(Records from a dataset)
- - - - -

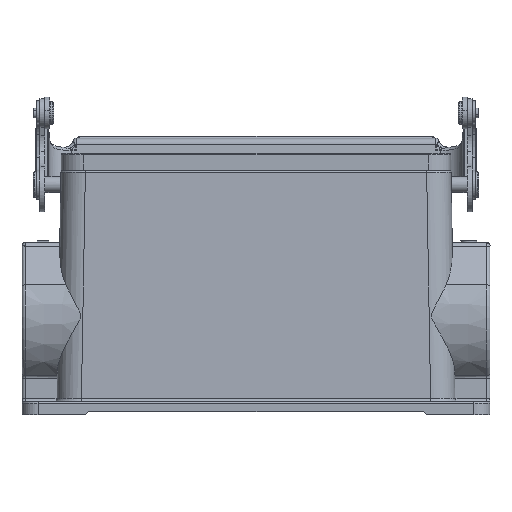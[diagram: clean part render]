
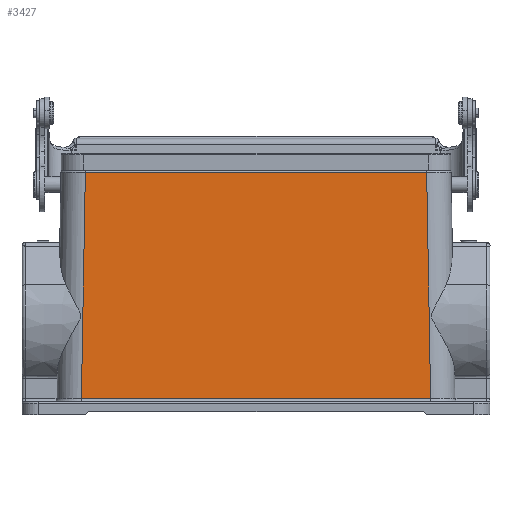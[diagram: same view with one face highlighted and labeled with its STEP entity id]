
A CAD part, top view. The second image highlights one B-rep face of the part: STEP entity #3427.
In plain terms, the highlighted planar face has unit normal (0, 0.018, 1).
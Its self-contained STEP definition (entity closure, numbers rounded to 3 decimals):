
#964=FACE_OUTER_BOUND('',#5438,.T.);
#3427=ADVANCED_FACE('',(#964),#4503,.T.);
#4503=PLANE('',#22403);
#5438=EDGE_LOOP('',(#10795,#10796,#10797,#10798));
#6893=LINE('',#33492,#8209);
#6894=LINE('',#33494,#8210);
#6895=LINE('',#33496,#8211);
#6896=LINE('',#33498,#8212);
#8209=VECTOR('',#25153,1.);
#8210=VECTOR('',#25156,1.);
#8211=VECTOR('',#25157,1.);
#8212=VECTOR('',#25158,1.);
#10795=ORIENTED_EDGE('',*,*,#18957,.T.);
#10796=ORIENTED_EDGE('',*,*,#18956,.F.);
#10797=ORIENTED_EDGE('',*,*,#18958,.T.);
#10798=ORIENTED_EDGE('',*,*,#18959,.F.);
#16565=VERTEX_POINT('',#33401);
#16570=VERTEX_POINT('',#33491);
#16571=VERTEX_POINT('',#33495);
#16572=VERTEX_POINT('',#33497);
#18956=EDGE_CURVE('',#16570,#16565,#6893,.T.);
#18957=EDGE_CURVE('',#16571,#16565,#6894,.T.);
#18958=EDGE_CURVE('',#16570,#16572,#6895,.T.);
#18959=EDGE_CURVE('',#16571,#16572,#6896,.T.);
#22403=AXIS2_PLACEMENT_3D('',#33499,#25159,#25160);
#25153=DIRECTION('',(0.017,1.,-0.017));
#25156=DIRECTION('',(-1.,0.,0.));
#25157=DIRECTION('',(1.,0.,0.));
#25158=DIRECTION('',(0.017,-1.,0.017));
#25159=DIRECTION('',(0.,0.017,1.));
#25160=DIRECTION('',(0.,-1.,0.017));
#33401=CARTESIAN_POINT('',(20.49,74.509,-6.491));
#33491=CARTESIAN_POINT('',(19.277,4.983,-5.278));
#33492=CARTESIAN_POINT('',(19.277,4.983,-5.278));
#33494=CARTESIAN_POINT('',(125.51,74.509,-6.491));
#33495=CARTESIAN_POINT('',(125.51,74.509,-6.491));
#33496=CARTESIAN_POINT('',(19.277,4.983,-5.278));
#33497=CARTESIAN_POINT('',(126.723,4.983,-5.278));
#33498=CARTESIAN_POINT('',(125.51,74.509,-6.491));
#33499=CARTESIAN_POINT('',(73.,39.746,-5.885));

- - - - -

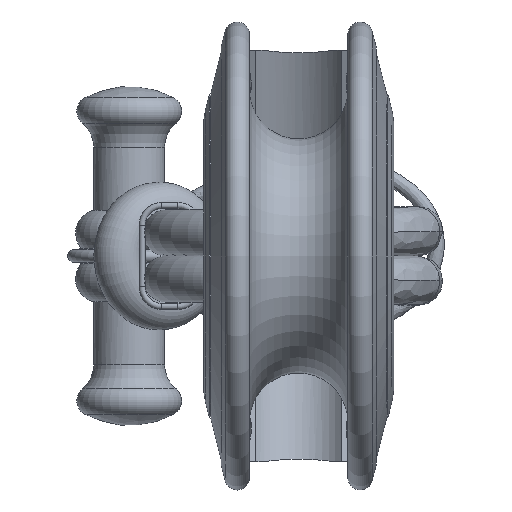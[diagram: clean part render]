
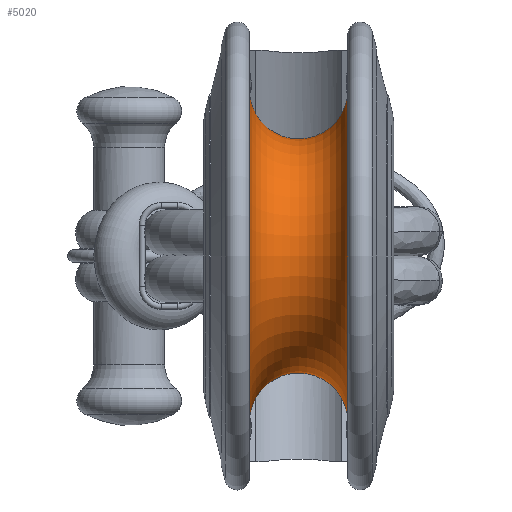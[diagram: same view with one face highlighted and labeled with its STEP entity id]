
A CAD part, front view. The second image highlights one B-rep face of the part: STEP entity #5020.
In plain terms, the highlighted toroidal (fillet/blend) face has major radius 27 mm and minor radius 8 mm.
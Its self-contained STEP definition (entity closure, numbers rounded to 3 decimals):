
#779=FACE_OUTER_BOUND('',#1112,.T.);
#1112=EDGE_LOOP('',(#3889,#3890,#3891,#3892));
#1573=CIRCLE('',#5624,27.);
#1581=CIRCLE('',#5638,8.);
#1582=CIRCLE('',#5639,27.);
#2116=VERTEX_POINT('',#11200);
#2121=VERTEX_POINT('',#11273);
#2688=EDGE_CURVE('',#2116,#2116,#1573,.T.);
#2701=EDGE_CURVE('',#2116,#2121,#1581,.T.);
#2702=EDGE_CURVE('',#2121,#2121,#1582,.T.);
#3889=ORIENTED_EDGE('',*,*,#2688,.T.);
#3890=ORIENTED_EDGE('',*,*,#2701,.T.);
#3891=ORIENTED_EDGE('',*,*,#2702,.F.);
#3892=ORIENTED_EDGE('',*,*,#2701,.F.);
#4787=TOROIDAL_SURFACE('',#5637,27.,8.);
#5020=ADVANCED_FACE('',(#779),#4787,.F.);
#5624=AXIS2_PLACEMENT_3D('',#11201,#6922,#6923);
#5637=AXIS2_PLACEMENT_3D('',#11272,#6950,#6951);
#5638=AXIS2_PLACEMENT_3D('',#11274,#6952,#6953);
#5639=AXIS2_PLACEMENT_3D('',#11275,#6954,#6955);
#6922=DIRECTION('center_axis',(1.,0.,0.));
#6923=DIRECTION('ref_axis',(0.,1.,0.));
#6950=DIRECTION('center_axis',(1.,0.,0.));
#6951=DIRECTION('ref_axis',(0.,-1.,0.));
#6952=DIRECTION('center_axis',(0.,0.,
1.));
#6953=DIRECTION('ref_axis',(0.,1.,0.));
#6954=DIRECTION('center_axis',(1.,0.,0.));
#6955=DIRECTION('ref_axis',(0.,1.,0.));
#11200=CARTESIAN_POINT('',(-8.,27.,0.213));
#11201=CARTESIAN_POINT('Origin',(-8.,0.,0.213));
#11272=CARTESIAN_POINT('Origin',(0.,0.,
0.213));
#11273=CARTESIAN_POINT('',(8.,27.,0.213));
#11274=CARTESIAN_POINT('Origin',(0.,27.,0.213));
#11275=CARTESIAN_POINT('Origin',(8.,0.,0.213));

- - - - -

Aim of the exercise => Of the lines above, output exactly those from the line bearing "#6896=LINE('',#33498,#8212);" through the line bearing "#25158=DIRECTION('',(0.017,-1.,0.017));", inclusive.

Final answer =>
#6896=LINE('',#33498,#8212);
#8209=VECTOR('',#25153,1.);
#8210=VECTOR('',#25156,1.);
#8211=VECTOR('',#25157,1.);
#8212=VECTOR('',#25158,1.);
#10795=ORIENTED_EDGE('',*,*,#18957,.T.);
#10796=ORIENTED_EDGE('',*,*,#18956,.F.);
#10797=ORIENTED_EDGE('',*,*,#18958,.T.);
#10798=ORIENTED_EDGE('',*,*,#18959,.F.);
#16565=VERTEX_POINT('',#33401);
#16570=VERTEX_POINT('',#33491);
#16571=VERTEX_POINT('',#33495);
#16572=VERTEX_POINT('',#33497);
#18956=EDGE_CURVE('',#16570,#16565,#6893,.T.);
#18957=EDGE_CURVE('',#16571,#16565,#6894,.T.);
#18958=EDGE_CURVE('',#16570,#16572,#6895,.T.);
#18959=EDGE_CURVE('',#16571,#16572,#6896,.T.);
#22403=AXIS2_PLACEMENT_3D('',#33499,#25159,#25160);
#25153=DIRECTION('',(0.017,1.,-0.017));
#25156=DIRECTION('',(-1.,0.,0.));
#25157=DIRECTION('',(1.,0.,0.));
#25158=DIRECTION('',(0.017,-1.,0.017));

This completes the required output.